Exercise aim:
What you return must match the listing below exactly, minus any pictures.

┌────────

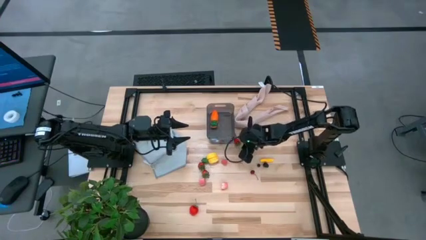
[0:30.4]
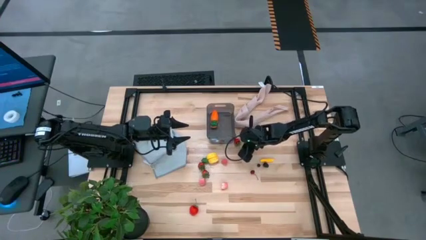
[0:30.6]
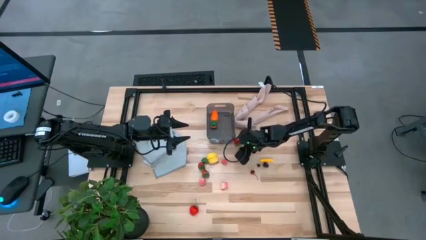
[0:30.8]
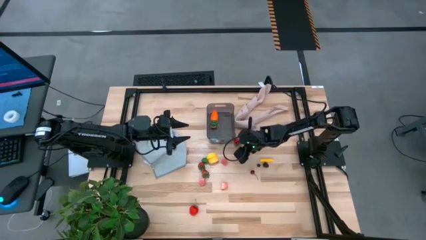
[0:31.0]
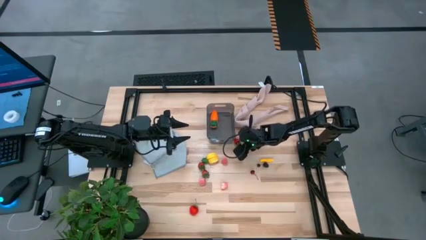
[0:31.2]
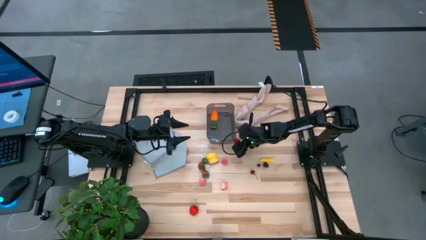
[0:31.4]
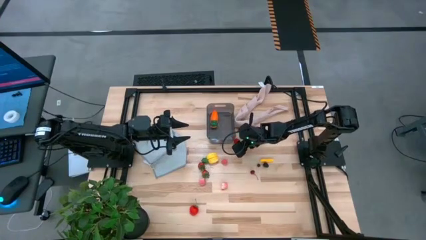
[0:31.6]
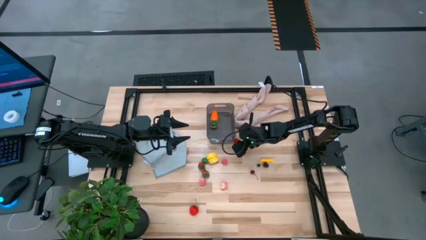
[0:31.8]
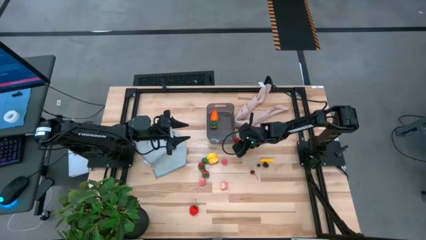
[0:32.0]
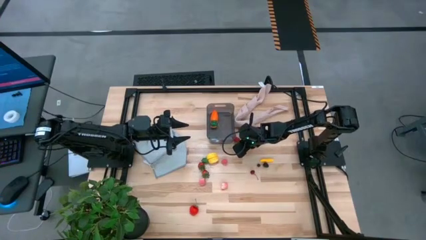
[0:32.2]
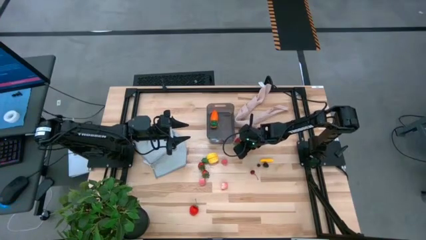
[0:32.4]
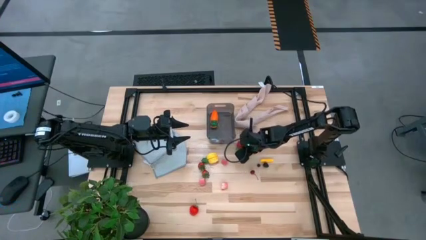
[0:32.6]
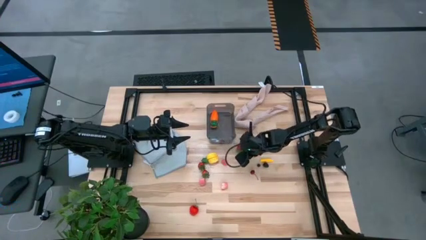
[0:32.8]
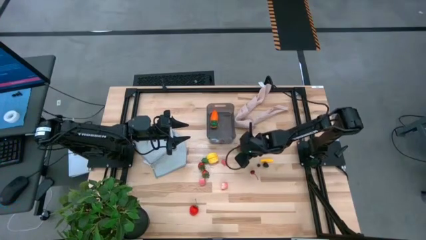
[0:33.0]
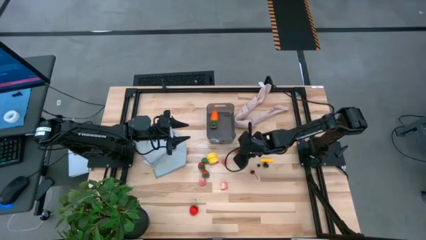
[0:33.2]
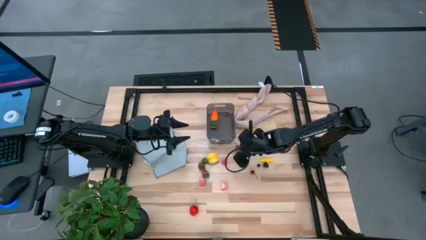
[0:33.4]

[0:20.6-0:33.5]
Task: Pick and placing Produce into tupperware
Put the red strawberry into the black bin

└────────

Solution to this task:
[0:30.4]
[0:30.6]
[0:30.8]
[0:31.0]
[0:31.2]
[0:31.4]
[0:31.6]
[0:31.8]
[0:32.0]
[0:32.2]
[0:32.4]
[0:32.6]
[0:32.8]
[0:33.0]
[0:33.2]
[0:33.4]

[0:20.6-0:33.5]
Task: Pick and placing Produce into tupperware
Put the red strawberry into the black bin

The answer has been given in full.